A number of recent studies have highlighted the potential of magic mushrooms to treat depression, although the exact mechanism behind this effect remains unclear. While some have speculated that emotional and insightful psychedelic trips are the key healing component, new research carried out in mice suggests that the drug’s active compound is capable of alleviating depression even when no psychedelic experience is produced.
The psychoactive ingredient in magic mushrooms, psilocybin, generates altered states of consciousness by interacting with a particular serotonin receptor known as the 5-HT2A receptor. The same mechanism underlies the activity of other psychedelics like LSD and ayahuasca, and while several such substances are thought to be effective at treating mental health disorders, the nature of the psychedelic experience makes them unsuitable for certain individuals.
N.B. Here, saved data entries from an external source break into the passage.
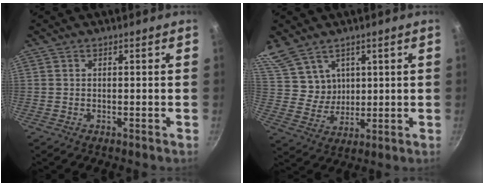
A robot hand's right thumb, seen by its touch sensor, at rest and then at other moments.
{"total": 11.8, "force": [7.4, 8.1, 4.3], "torque": [-0.072, -0.014, 0.166]}
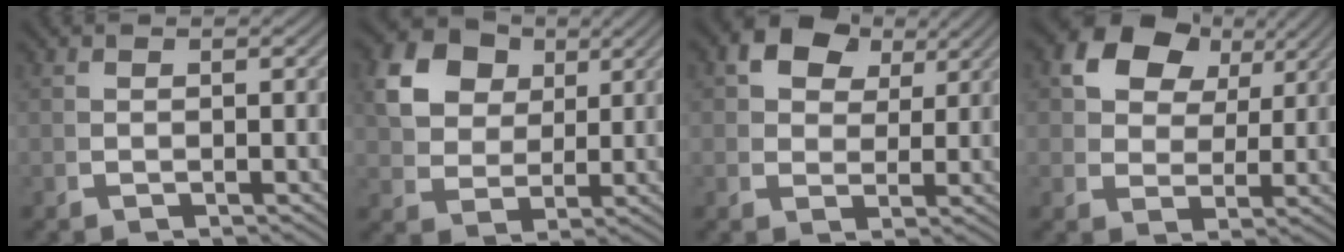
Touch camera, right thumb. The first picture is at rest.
{"total": 10.4, "force": [3.7, 8.0, 5.5], "torque": [-0.123, -0.008, 0.067]}
{"total": 6.7, "force": [3.3, 4.6, 3.6], "torque": [-0.068, -0.003, 0.057]}
{"total": 8.4, "force": [3.7, 5.9, 4.7], "torque": [-0.107, -0.011, 0.072]}
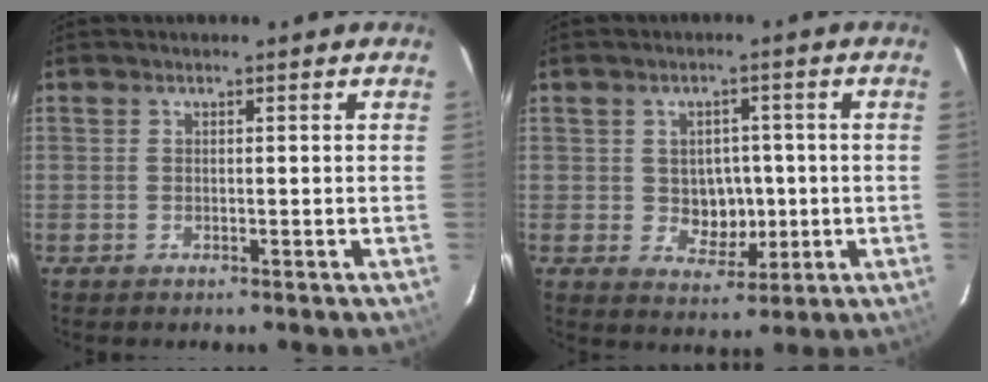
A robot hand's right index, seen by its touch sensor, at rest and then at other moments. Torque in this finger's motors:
{"motor_torque": [0.03, -0.09, 0.23, 0.01]}
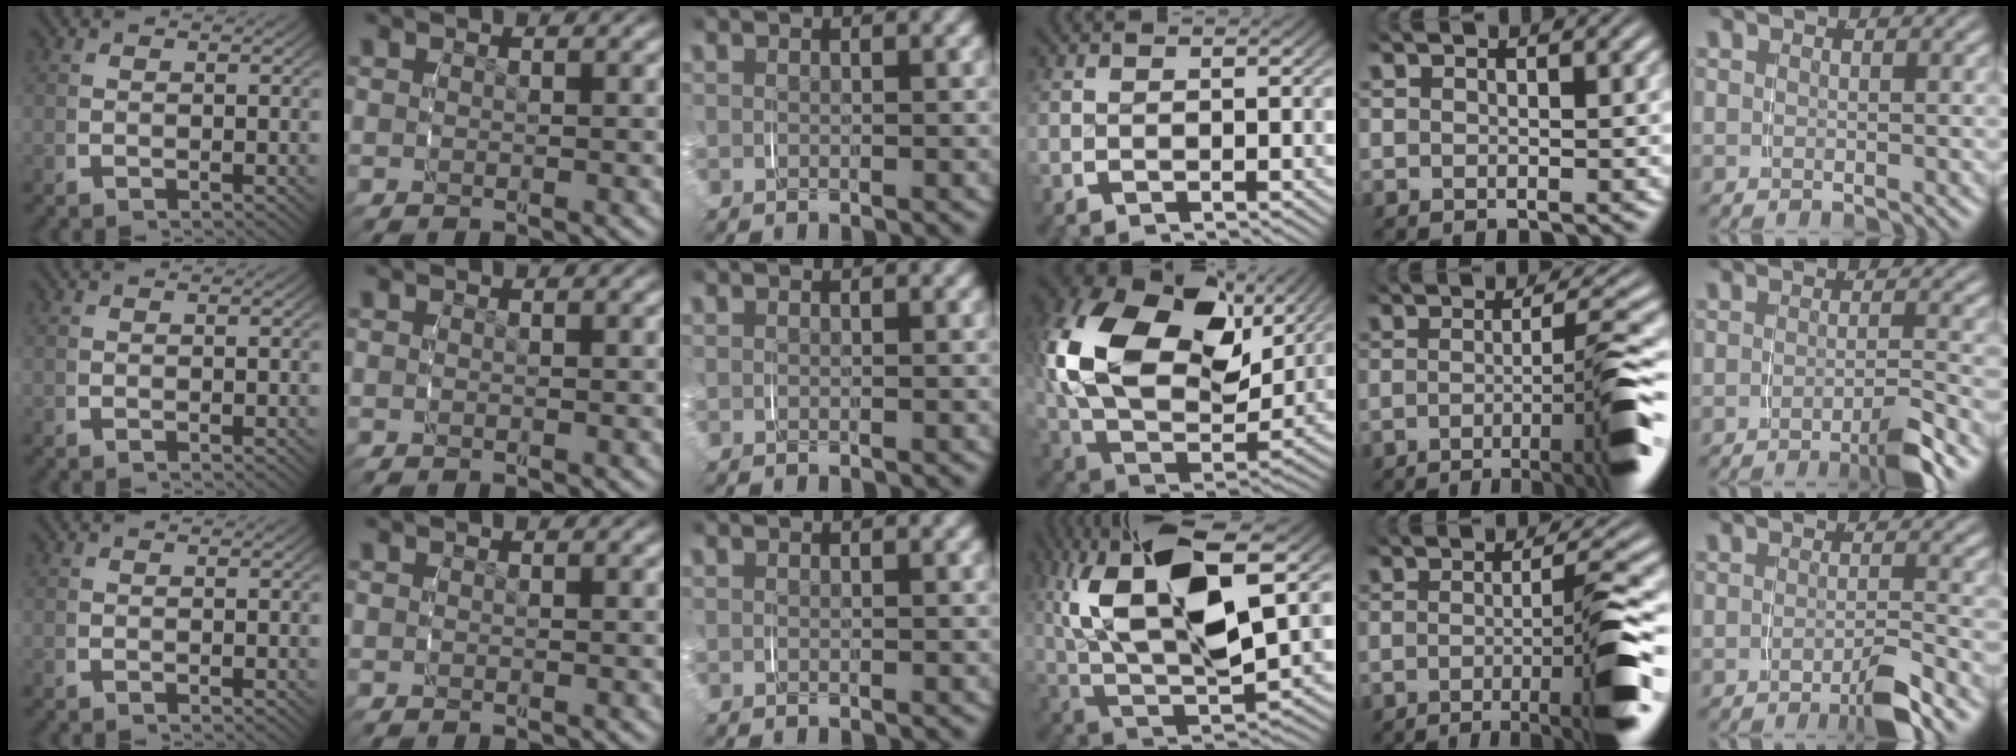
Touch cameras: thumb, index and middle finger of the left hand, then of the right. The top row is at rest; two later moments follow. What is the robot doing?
{"motion": "grasp_and_lifting", "object": "jar lid"}
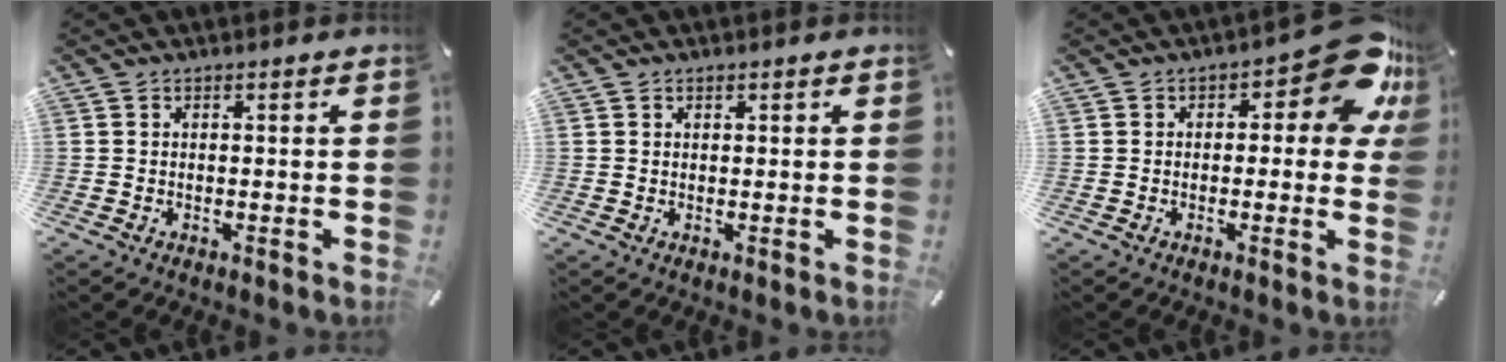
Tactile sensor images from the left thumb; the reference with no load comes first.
{"total": 0.6, "force": [0.3, 0.4, 0.3], "torque": [-0.005, 0.003, 0.005]}
{"total": 11.8, "force": [4.9, 5.4, 9.3], "torque": [-0.100, -0.035, 0.080]}
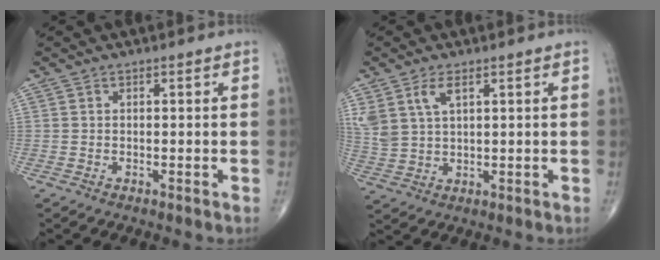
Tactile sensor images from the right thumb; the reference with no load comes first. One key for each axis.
{"total": 6.5, "fx": 3.4, "fy": 3.2, "fz": 4.5, "tx": -0.100, "ty": -0.006, "tz": 0.076}
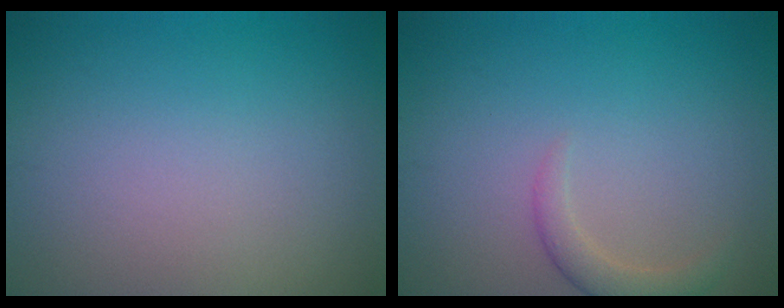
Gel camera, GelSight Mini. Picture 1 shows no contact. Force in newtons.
{"total": 1.8, "press": 1.8, "slide": 0.2}
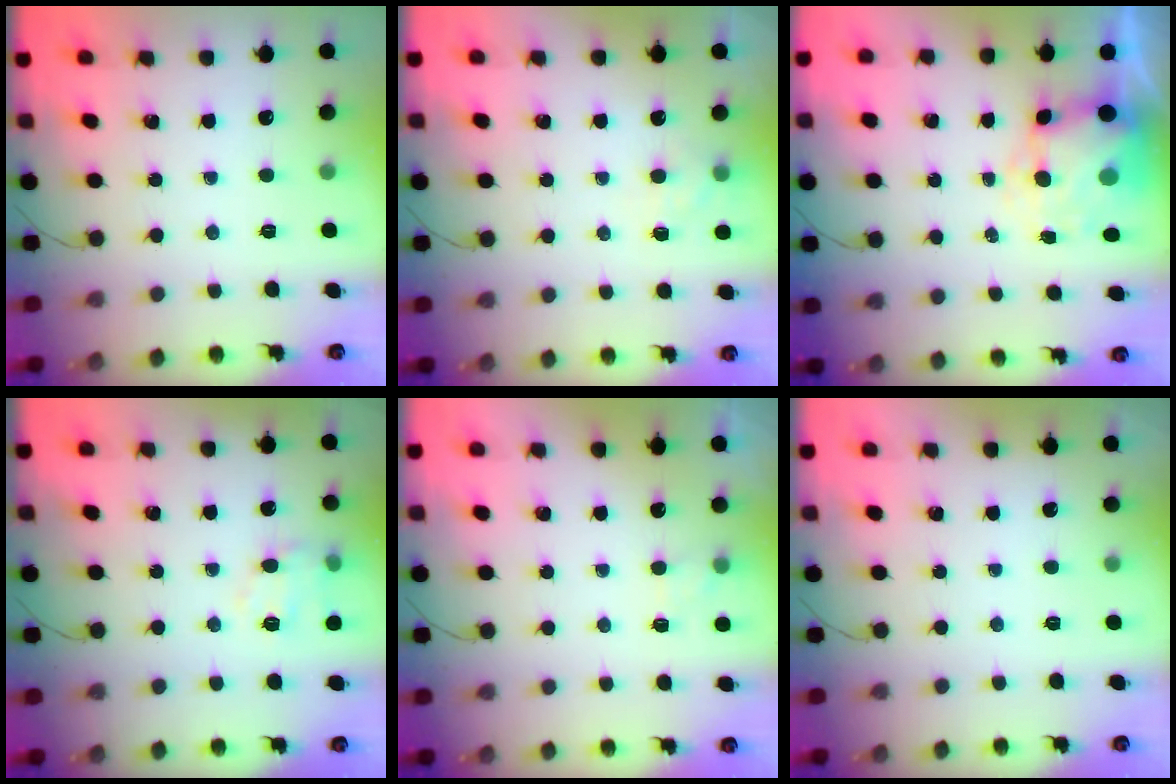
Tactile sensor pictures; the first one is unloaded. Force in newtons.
{"total": 6.8, "press": 6.6, "slide": 1.5}
{"total": 8.3, "press": 8.1, "slide": 2.0}
{"total": 10.3, "press": 10.2, "slide": 1.4}
{"total": 2.4, "press": 1.9, "slide": 1.4}
{"total": 1.8, "press": 1.7, "slide": 0.3}
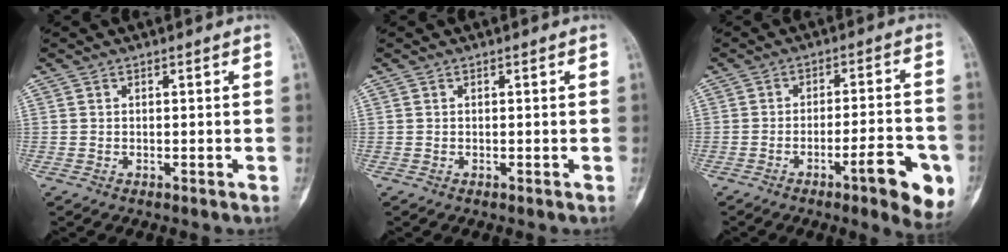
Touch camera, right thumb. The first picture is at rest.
{"total": 0.0}
{"total": 11.9, "force": [-5.1, 2.7, 10.4], "torque": [-0.126, 0.017, -0.068]}
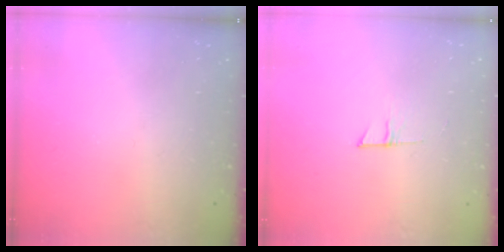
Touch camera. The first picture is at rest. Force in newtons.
{"total": 4.0, "press": 4.0, "slide": 0.4}
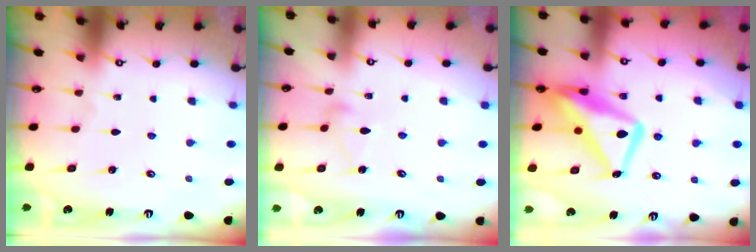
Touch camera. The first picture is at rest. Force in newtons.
{"total": 7.7, "press": 7.7, "slide": 0.4}
{"total": 17.2, "press": 17.1, "slide": 1.6}
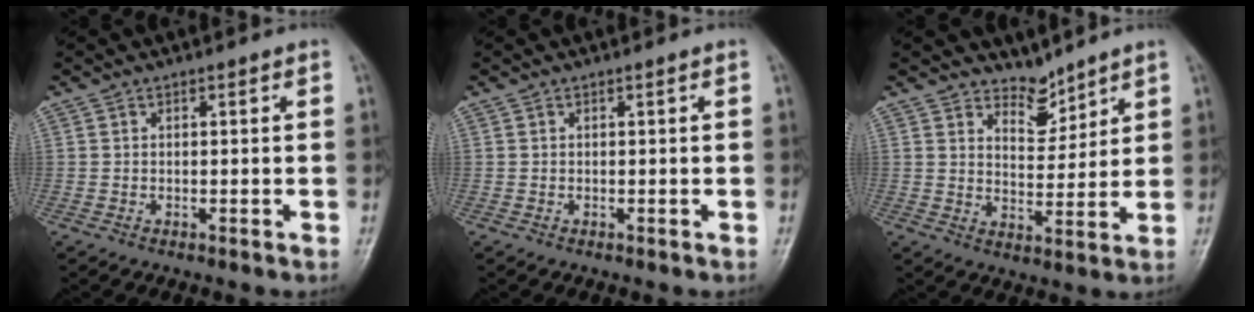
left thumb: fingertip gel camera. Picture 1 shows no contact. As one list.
[{"total": 0.0}, {"total": 5.2, "force": [4.6, 2.3, 0.9], "torque": [0.010, -0.044, 0.085]}]
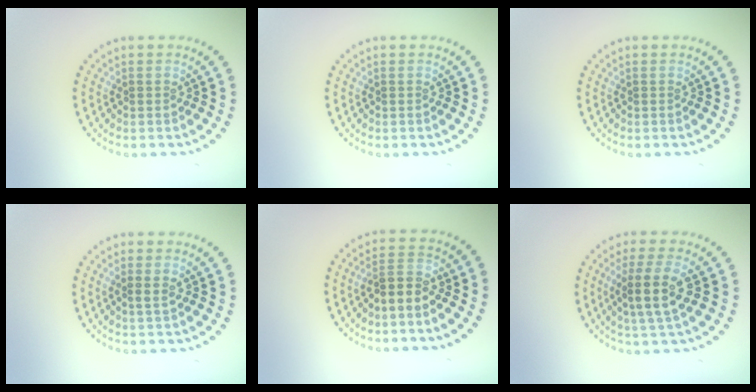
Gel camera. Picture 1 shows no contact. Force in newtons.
{"total": 0.0}
{"total": 0.0}
{"total": 0.6, "press": 0.5, "slide": 0.2}
{"total": 2.4, "press": 2.1, "slide": 1.2}
{"total": 4.4, "press": 4.0, "slide": 1.8}
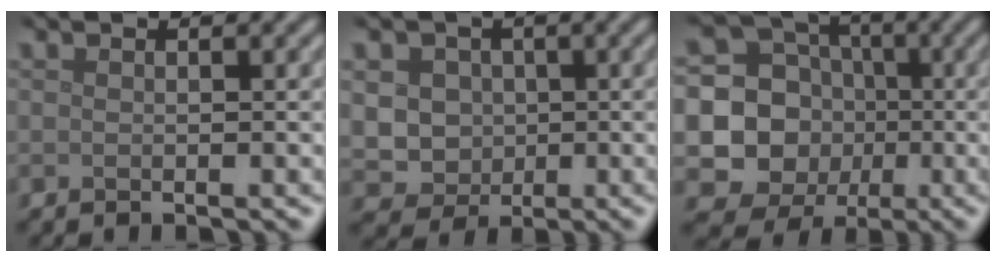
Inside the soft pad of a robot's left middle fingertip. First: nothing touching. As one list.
[{"total": 4.7, "force": [0.4, 4.3, 1.8], "torque": [-0.033, 0.012, 0.000]}, {"total": 11.1, "force": [-1.3, 10.5, 3.4], "torque": [-0.068, 0.004, -0.042]}]
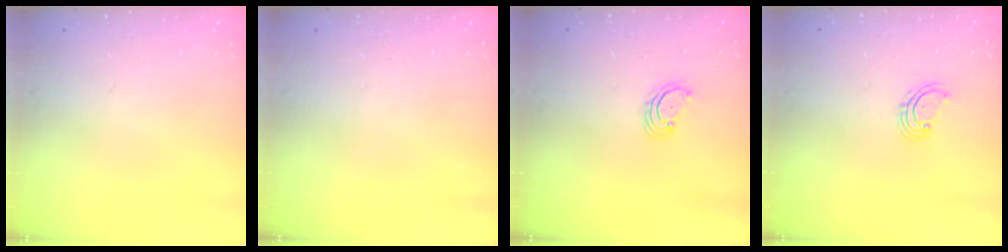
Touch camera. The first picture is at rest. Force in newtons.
{"total": 0.0}
{"total": 2.6, "press": 2.6, "slide": 0.3}
{"total": 2.5, "press": 2.4, "slide": 0.4}
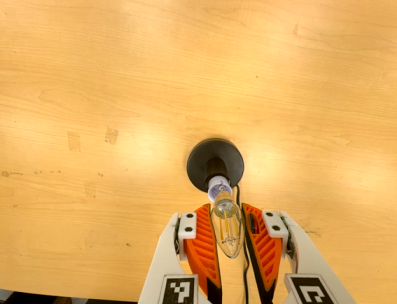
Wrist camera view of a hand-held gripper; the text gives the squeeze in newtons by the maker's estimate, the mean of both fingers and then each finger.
{"total": 13.6, "left": 14.7, "right": 12.5}
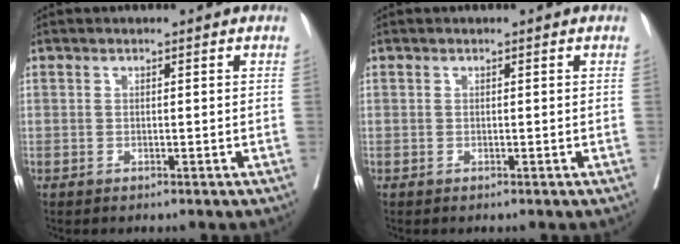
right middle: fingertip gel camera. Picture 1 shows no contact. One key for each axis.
{"total": 0.0}

For instance, anyone with a family history of schizophrenia or bipolar disorder is generally excluded from studies involving psychedelics, for fear that these drugs may trigger psychosis. Furthermore, the fact that psychedelic-assisted psychotherapy requires the supervision of specially trained medical professionals adds significantly to the cost of treatment, rendering it unaffordable for many patients.
In an attempt to sidestep some of these concerns, a team of researchers sought to determine whether psilocybin retains its ability to treat depression when the receptor responsible for generating psychedelic experiences is deactivated. To do so, they first subjected male mice to stressful lighting and noise for several weeks in order to generate an animal model of depression. This resulted in the rodents losing interest in pleasurable stimuli such as sugar-laced water or the scent of female mouse urine.
The study authors then treated the animals with psilocybin, along with a substance called ketanserin, which blocks the 5-HT2A receptor and therefore prevents the drug from producing any psychedelic effects. Reporting their findings in the Proceedings of the National Academy of Sciences, the researchers explain that this did not dampen the anti-depressant efficacy of psilocybin, as evidence by the rodent’s renewed interest in both sugar water and female urine after treatment.
Furthermore, an analysis of the animals’ brain tissue revealed that psilocybin sparked a strengthening of excitatory synapses in the hippocampus – an effect that is generally associated with fast-acting anti-depressants. That this was achieved without the activation of the 5-HT2A receptor adds to the robustness of the researchers’ claim that psychedelic experiences are not a necessary component of psilocybin-assisted therapy for depression.
Commenting on these findings, study author Dr Scott Thompson explained in a statement that “activation of the receptor causing the psychedelic effect isn’t absolutely required for the antidepressant benefits, at least in mice.”
This is highly encouraging, he says, as “the psychedelic experience is incredibly powerful and can be life-changing, but that could be too much for some people or not appropriate.” Thompson and his colleagues suggest that combining psilocybin with a 5-HT2A inhibitor like ketanserin could make this type of therapy more accessible for larger numbers of patients.